**The task**
Check every line below for the word "Provide" and show those that hold it.

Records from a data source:
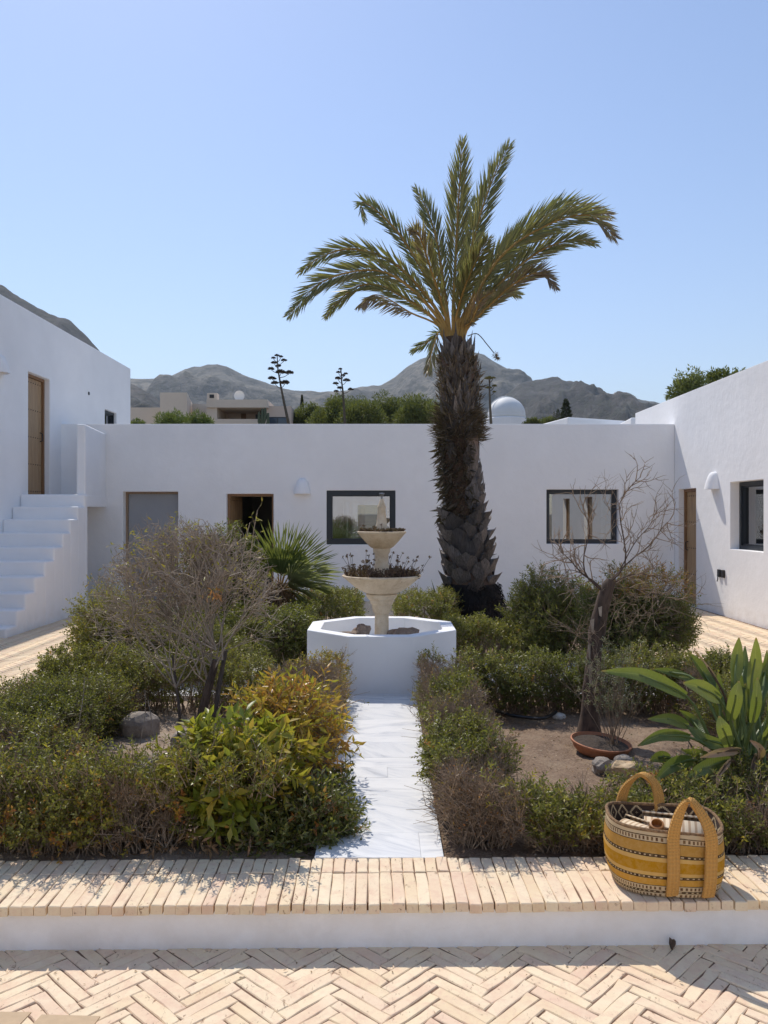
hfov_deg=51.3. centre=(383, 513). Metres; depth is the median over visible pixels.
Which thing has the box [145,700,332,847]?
green gold shrub
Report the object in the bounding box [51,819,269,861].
fallen leaves
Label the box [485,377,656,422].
mountain
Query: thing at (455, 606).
palm offshoot
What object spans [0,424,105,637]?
staircase
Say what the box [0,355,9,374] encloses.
wall lamp
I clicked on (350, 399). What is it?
pine tree
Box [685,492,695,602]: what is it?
door
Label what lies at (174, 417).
bush
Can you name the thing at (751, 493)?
window
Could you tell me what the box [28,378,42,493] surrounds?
door
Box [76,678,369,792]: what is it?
bare stems
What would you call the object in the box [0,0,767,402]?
sky
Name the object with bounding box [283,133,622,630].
palm tree
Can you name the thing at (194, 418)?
bush
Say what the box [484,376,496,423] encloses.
agave stalk
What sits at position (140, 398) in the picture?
mountain
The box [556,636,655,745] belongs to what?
shrub
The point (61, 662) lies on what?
hedge
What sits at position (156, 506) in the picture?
grey door
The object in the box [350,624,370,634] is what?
rock
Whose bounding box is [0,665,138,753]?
grey green shrub
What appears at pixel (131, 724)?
stone
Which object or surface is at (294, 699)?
golden shrub
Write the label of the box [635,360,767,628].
building
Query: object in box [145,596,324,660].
hedge
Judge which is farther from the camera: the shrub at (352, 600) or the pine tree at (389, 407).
the pine tree at (389, 407)
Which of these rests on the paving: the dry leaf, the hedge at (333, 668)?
the dry leaf
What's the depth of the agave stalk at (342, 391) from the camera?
35.96 m
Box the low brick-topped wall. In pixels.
[0,855,767,950]
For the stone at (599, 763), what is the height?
0.109 m
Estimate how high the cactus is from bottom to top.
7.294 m
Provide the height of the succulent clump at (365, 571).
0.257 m
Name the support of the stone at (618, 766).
on the soil
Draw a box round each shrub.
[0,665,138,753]
[59,577,190,680]
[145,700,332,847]
[149,613,268,683]
[175,518,269,637]
[219,765,371,859]
[221,663,365,787]
[255,601,314,667]
[287,581,368,620]
[494,560,601,662]
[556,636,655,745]
[569,556,703,667]
[601,739,767,817]
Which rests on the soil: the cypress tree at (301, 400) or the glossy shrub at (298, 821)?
the glossy shrub at (298, 821)
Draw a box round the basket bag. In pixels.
[603,772,724,897]
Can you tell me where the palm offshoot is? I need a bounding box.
[419,583,461,620]
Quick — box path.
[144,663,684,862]
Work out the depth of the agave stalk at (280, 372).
33.96 m
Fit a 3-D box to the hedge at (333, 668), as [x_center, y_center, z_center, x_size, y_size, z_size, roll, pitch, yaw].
[-0.501,1.230,5.266,0.803,0.607,2.064,0,0,0]
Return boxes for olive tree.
[665,364,708,400]
[665,389,681,399]
[702,365,745,385]
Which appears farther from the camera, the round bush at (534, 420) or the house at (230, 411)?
the round bush at (534, 420)
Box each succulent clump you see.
[341,549,431,578]
[359,524,405,531]
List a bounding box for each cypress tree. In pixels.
[300,394,304,410]
[555,409,560,419]
[559,399,572,419]
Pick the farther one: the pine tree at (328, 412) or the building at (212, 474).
the pine tree at (328, 412)
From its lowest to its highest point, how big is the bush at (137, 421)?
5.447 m
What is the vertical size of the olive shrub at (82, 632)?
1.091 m
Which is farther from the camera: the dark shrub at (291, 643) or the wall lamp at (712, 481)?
the wall lamp at (712, 481)
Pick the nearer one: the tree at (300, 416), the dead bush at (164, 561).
the dead bush at (164, 561)
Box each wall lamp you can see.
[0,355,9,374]
[294,479,310,493]
[704,472,718,488]
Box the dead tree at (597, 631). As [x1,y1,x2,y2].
[530,451,720,732]
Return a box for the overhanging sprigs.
[304,753,366,848]
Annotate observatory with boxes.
[486,396,525,423]
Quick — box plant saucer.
[570,731,631,759]
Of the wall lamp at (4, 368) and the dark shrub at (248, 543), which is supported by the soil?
the dark shrub at (248, 543)
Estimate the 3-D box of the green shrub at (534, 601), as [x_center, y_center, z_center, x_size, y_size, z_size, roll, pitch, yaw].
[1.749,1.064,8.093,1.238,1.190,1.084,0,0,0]
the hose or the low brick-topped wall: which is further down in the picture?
the low brick-topped wall
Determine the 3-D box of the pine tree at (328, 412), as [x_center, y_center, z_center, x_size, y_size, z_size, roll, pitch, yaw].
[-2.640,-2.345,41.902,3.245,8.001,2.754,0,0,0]
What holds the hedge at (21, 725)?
on the soil
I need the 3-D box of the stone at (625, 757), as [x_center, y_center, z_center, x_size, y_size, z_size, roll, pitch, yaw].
[1.400,1.448,4.698,0.108,0.064,0.085,0,0,0]
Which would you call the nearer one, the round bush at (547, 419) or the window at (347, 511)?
the window at (347, 511)
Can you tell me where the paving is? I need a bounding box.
[0,601,767,1023]
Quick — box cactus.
[257,408,269,423]
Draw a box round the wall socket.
[717,569,724,580]
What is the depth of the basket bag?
2.97 m
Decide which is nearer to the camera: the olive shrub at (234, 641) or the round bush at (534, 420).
the olive shrub at (234, 641)
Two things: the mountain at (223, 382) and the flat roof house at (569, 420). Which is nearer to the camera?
the flat roof house at (569, 420)
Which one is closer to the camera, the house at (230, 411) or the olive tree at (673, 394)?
the olive tree at (673, 394)
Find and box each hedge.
[0,648,157,785]
[0,733,207,863]
[32,632,276,715]
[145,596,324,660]
[233,646,366,777]
[389,583,464,620]
[402,641,537,854]
[442,607,556,662]
[447,633,731,715]
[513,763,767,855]
[672,653,767,764]
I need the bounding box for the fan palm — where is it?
[249,520,343,614]
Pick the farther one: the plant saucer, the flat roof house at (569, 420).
the flat roof house at (569, 420)
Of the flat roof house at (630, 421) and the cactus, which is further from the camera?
the cactus
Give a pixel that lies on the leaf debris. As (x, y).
(374, 968)
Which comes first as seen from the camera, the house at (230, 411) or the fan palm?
the fan palm
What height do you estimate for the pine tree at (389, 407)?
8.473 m
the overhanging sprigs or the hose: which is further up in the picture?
the hose
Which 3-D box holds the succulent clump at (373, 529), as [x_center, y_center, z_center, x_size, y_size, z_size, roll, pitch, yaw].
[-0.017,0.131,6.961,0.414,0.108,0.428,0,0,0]
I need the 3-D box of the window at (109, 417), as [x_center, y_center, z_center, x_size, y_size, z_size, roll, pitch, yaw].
[-6.035,-1.915,17.375,0.090,0.630,0.750,0,0,0]
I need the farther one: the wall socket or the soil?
the wall socket
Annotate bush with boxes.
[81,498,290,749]
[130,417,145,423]
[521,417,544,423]
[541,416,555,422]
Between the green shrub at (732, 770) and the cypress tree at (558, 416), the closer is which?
the green shrub at (732, 770)
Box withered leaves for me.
[8,585,684,822]
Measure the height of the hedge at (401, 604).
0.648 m
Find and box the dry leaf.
[669,937,675,949]
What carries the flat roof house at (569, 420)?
on the ground
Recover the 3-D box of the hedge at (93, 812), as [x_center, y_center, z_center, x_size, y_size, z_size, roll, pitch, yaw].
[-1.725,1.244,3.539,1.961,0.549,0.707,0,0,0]
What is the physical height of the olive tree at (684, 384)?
6.164 m
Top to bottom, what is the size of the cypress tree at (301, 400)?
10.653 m
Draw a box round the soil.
[0,624,767,862]
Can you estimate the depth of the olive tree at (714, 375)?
24.74 m
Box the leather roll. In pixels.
[649,818,664,829]
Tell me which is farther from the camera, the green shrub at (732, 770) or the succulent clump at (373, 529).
the succulent clump at (373, 529)
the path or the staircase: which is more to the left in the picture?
the staircase
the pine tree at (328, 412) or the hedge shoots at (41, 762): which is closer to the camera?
the hedge shoots at (41, 762)
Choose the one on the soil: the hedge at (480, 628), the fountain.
the hedge at (480, 628)
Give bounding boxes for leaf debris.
[0,857,740,982]
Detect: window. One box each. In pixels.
[105,410,113,423]
[269,417,286,423]
[327,491,394,543]
[546,490,616,543]
[739,480,763,550]
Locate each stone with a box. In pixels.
[118,711,159,738]
[170,728,190,748]
[553,712,565,719]
[591,756,613,774]
[609,760,639,778]
[613,754,632,761]
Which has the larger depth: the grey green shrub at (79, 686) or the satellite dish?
the satellite dish
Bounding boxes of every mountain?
[0,285,159,407]
[130,352,659,422]
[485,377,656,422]
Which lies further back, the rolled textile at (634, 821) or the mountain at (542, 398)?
the mountain at (542, 398)
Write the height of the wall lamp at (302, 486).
0.282 m
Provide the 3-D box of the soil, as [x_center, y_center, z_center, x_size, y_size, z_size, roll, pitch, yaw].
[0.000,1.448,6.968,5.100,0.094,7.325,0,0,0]
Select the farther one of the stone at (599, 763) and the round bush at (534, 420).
the round bush at (534, 420)
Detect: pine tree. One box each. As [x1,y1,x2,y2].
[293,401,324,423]
[304,392,349,423]
[332,398,388,423]
[344,394,364,403]
[371,388,405,423]
[389,392,439,423]
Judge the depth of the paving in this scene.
2.74 m
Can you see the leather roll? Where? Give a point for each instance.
(655, 823)
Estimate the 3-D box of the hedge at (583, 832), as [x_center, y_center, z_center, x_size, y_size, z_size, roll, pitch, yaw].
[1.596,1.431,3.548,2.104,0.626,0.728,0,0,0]
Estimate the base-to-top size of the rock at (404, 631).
0.155 m
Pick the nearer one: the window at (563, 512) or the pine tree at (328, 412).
the window at (563, 512)
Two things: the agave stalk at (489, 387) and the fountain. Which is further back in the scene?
the agave stalk at (489, 387)
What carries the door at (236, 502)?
in the building at (212, 474)
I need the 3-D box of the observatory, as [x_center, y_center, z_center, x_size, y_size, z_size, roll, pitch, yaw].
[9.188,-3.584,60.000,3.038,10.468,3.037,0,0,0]
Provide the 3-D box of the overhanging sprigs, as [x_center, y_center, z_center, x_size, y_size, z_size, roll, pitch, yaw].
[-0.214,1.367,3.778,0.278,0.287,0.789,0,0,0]
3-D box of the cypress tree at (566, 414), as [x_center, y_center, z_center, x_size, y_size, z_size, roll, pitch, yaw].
[8.638,-1.936,37.995,0.775,7.172,0.724,0,0,0]
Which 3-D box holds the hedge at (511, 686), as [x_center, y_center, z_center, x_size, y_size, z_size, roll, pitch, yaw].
[1.580,1.198,5.970,2.226,0.572,0.790,0,0,0]
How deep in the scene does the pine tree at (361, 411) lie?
39.45 m
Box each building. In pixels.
[0,294,129,532]
[61,424,673,600]
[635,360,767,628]
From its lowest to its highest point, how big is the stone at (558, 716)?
0.056 m
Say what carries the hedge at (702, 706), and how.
on the soil
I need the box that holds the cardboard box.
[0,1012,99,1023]
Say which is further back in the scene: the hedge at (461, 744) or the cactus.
the cactus
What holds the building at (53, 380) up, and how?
on the ground
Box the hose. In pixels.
[492,708,556,719]
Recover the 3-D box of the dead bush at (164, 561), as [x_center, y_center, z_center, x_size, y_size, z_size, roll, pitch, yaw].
[-1.221,0.682,4.984,1.323,1.570,1.199,0,0,0]
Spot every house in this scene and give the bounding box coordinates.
[130,393,293,423]
[545,417,624,423]
[621,418,634,423]
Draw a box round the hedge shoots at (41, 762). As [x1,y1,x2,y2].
[0,719,295,815]
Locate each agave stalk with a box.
[268,354,293,423]
[332,368,353,423]
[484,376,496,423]
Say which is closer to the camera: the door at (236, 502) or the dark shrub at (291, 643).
the dark shrub at (291, 643)
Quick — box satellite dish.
[234,391,243,399]
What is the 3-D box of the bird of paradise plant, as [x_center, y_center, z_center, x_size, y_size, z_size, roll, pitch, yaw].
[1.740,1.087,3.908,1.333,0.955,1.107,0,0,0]
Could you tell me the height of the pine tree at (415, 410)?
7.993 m
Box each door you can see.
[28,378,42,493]
[129,494,177,598]
[231,497,241,541]
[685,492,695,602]
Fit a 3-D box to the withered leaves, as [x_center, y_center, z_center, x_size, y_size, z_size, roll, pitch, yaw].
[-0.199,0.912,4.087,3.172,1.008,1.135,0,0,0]
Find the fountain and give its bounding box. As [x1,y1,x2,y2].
[307,493,455,694]
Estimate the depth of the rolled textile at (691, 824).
3.15 m
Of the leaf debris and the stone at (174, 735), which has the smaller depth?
the leaf debris
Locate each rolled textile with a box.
[620,814,668,829]
[642,810,703,833]
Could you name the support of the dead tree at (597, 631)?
on the soil
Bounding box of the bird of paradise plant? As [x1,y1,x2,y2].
[602,637,767,836]
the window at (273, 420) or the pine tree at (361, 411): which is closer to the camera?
the pine tree at (361, 411)
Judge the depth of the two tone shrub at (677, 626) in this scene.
7.21 m
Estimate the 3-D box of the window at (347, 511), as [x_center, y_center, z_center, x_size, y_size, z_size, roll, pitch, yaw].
[-0.423,0.064,14.775,1.268,0.992,0.090,0,0,0]

**Answer to this task**
Provide the height of the succulent clump at (365, 571).
Provide the 3-D box of the soil, as [x_center, y_center, z_center, x_size, y_size, z_size, roll, pitch, yaw].
Provide the 3-D box of the overhanging sprigs, as [x_center, y_center, z_center, x_size, y_size, z_size, roll, pitch, yaw].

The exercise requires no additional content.